Open-source AWS reliability audit. Produces a self-contained HTML report assessing CloudWatch alarm coverage across ECS, Lambda, RDS, Aurora, and SQS workloads — and ranks the gaps by real 30-day usage so you see which fixes matter this week. Runs locally; your data never leaves your laptop.

DiscoveryFabric is the audit layer of the OpsFabric reliability platform. The closed-source companion products — AlarmFabric (alarm remediation) and OpsFabric (incident response orchestration) — turn the audit findings into production-fixing automations. See docs/comparison.md for the full feature matrix.

See what your audit would look like — no AWS needed

Run it yourself in 30 seconds:

pip install opsfabric-discovery
opsfabric-discovery audit --demo
# → out/audit-demo.html  (open in any browser)

--demo runs against a baked-in synthetic dataset that exercises every feature of the audit (DEGRADED alarm detection, ALB→ECS bridge, urgency ranking from synthetic CloudWatch usage, business-vs-technical tabs). No AWS calls, no credentials needed. Same matching engine, same report — only the input is fake.

What it does

  • Discovers AWS resources via Resource Explorer 2 across one or all enabled regions.
  • Maps CloudWatch alarms to those resources using a five-strategy matcher (exact dimensions, ALB target-group bridge for ECS, namespace + partial dimensions, log-group → metric-filter linkage, naming heuristic).
  • Detects alarms that exist but won't notify (actions disabled / no SNS target / INSUFFICIENT_DATA) and surfaces them as DEGRADED — they don't count toward coverage.
  • Scores required-check coverage against the OpsFabric reliability baseline.
  • Fetches 30 days of CloudWatch usage per resource (read-only GetMetricData) and ranks the gaps by urgency — so a Lambda with a 55% error rate and no alarm jumps to the top, not a quiet function with a missing alarm.
  • Renders a self-contained HTML report (opens in any browser, prints reasonably, emailable as one attachment) plus JSON appendices.

Trust statement

  • Read-only.
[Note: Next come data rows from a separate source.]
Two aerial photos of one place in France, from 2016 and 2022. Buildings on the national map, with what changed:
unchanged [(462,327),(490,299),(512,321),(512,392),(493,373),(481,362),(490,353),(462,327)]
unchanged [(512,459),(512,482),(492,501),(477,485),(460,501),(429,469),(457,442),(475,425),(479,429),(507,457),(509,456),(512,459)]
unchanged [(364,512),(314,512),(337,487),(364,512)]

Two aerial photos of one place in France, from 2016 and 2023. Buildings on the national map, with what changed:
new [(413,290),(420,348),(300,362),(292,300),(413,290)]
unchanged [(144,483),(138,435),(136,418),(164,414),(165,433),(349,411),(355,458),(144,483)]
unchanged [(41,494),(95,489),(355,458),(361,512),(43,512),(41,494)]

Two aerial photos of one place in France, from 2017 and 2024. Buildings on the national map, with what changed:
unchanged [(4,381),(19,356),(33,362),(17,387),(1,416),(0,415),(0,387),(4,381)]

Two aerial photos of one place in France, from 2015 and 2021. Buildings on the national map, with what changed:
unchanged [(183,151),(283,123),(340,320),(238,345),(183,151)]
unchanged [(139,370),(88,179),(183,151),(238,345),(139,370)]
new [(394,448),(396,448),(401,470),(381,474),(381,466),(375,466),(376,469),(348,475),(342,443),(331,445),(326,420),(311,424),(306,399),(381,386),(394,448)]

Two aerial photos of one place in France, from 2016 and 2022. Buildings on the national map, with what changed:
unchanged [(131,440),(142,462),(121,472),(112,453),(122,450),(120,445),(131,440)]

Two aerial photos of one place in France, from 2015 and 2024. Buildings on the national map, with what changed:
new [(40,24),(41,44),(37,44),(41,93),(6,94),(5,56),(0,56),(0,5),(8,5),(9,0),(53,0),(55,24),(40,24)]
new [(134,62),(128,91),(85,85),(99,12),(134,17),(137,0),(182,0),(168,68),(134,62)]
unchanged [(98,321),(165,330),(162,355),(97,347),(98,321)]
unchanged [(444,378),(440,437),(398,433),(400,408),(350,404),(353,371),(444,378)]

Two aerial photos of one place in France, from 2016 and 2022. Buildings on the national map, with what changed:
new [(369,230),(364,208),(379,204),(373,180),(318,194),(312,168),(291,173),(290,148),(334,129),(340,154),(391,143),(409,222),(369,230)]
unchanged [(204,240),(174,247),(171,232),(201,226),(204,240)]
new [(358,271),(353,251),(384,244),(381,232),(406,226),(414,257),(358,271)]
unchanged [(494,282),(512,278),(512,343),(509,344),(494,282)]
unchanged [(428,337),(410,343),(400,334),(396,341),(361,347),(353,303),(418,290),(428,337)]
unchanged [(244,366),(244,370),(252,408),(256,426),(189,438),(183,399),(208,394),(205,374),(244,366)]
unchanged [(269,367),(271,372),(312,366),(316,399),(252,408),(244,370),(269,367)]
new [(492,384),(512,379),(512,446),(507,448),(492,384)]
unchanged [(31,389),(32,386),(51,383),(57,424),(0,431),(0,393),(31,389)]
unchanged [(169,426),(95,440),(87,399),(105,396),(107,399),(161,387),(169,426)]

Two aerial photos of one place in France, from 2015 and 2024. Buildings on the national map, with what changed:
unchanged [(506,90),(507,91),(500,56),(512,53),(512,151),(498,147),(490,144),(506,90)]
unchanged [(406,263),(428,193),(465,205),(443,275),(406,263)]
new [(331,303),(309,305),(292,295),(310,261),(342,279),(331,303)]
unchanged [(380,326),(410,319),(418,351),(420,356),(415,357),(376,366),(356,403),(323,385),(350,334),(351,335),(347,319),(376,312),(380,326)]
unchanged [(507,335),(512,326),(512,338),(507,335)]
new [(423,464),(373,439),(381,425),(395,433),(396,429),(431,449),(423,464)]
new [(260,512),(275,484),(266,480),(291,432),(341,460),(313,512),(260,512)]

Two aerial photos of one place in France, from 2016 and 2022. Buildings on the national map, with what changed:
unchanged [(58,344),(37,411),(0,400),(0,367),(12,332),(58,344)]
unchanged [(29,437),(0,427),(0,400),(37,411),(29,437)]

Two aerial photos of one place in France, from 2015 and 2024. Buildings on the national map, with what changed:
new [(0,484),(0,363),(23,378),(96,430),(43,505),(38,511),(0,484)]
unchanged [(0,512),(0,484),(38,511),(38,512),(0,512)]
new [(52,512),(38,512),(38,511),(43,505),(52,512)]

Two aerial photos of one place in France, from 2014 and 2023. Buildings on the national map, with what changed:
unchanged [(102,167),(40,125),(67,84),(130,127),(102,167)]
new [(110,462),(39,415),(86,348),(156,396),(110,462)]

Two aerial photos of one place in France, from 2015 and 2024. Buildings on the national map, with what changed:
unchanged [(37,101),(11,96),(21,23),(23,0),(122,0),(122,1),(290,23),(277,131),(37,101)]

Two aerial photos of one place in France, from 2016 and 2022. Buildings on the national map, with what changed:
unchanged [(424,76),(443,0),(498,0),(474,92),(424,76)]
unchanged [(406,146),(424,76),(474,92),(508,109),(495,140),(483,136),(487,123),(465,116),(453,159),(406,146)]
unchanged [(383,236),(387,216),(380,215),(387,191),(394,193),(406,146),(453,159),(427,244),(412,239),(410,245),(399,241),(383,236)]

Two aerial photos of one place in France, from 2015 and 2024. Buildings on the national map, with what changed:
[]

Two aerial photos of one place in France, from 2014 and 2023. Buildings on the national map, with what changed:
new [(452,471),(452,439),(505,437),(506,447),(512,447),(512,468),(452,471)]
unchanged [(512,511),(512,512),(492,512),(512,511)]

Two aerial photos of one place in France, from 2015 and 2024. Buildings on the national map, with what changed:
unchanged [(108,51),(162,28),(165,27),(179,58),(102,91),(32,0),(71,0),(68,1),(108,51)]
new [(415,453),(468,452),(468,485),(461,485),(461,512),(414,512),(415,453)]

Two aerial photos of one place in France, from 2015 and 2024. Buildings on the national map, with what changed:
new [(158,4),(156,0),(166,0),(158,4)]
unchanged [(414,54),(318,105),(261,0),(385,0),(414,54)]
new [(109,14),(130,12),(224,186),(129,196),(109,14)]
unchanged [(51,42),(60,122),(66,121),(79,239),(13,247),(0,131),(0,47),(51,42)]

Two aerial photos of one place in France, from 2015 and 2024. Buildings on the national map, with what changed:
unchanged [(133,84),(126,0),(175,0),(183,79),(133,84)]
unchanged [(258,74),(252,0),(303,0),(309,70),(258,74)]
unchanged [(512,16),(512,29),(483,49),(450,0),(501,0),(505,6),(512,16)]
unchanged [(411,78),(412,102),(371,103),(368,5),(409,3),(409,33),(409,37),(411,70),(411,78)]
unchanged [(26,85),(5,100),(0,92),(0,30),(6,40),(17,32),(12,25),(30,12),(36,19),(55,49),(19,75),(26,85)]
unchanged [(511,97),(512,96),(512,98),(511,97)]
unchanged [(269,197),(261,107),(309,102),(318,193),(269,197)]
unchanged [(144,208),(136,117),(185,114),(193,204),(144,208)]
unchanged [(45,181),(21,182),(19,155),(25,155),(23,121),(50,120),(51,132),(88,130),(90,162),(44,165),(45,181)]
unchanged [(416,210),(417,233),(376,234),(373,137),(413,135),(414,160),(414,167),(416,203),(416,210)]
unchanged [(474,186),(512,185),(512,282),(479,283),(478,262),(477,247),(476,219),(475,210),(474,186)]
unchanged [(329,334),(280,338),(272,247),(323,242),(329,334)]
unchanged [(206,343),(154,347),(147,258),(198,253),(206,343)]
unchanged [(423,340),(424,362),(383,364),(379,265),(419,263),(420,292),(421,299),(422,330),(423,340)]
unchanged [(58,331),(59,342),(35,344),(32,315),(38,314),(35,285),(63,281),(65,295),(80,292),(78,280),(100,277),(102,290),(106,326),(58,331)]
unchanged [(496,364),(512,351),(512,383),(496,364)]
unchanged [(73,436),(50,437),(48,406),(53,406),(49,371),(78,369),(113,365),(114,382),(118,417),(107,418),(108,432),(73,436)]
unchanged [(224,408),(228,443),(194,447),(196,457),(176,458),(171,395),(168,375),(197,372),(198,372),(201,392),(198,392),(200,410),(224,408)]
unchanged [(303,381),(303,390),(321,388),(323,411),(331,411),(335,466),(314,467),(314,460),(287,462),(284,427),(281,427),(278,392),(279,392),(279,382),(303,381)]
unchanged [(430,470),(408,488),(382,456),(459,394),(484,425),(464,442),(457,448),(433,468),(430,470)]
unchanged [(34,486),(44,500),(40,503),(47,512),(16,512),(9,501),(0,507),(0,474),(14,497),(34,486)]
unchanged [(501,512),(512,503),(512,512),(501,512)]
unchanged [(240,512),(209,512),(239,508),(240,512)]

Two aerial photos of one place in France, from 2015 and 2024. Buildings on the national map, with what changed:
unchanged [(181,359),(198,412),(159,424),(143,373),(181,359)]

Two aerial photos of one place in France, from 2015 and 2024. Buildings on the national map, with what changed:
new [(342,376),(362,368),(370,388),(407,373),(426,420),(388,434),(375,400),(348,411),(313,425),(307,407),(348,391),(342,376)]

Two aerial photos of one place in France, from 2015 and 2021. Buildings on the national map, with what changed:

Calls only AWS describe / list APIs. Never creates, modifies, or deletes any resource.
  • Runs on your laptop. No telemetry, no phone-home. Your data never leaves your machine.
  • Source is auditable. Open the installed Python files — every AWS call is visible in discovery_fabric/aws/.
  • Minimum IAM permissions (read-only across the board): sts:GetCallerIdentity, ec2:DescribeRegions, resource-explorer-2:ListViews / GetView / Search, tag:GetResources, cloudwatch:DescribeAlarms, cloudwatch:GetMetricData, logs:DescribeLogGroups / DescribeMetricFilters, ecs:ListClusters / ListServices / DescribeServices / DescribeTaskDefinition, lambda:ListFunctions / GetFunction, rds:DescribeDBInstances / DescribeDBClusters, sqs:ListQueues / GetQueueAttributes. (GetMetricData is the only addition vs 0.3.x — used to fetch 30-day usage signals for urgency ranking.)

Install

pip install opsfabric-discovery
opsfabric-discovery --help

Quickstart

Once installed, from any directory:

# Audit a profile from ~/.aws/credentials
opsfabric-discovery audit --profile prod --regions all --account-alias acme-prod

# Or via STS assume-role (cross-account)
opsfabric-discovery audit \
  --assume-role-arn arn:aws:iam::CUSTOMER_ACCOUNT:role/OpsFabricAuditor \
  --external-id agreed-secret \
  --regions all \
  --account-alias acme-prod

# Show OpsFabric product context (DiscoveryFabric / AlarmFabric / OpsFabric)
opsfabric-discovery --about

# Outputs land in ./out/ by default; override with --output-dir
ls out/
# audit-<account-id>-<YYYYMMDD>.html    ← open in any browser
# alarm-coverage-score.json
# alarm-coverage-missing.json
# resource-mapping.json
# all-resources.json
# audit-meta.json

Closing the gaps

DiscoveryFabric tells you what's missing. To close the gaps, you have two paths:

  1. DIY — open the audit report, click through to the AWS Console, author each missing CloudWatch alarm by hand. Free, but tedious; a mid-market fleet usually has 30–200 missing alarms.
  2. AlarmFabric — the OpsFabric remediation product. Reads this audit's JSON output, generates the alarms in your account via the same read-only role used for the audit (plus cloudwatch:PutMetricAlarm), and tags each alarm with its provenance for easy rollback. Typical turnaround: under one engineering day for a fleet of any size. Closed-source SaaS — opsfabric.ai or email vaishal2611@gmail.com.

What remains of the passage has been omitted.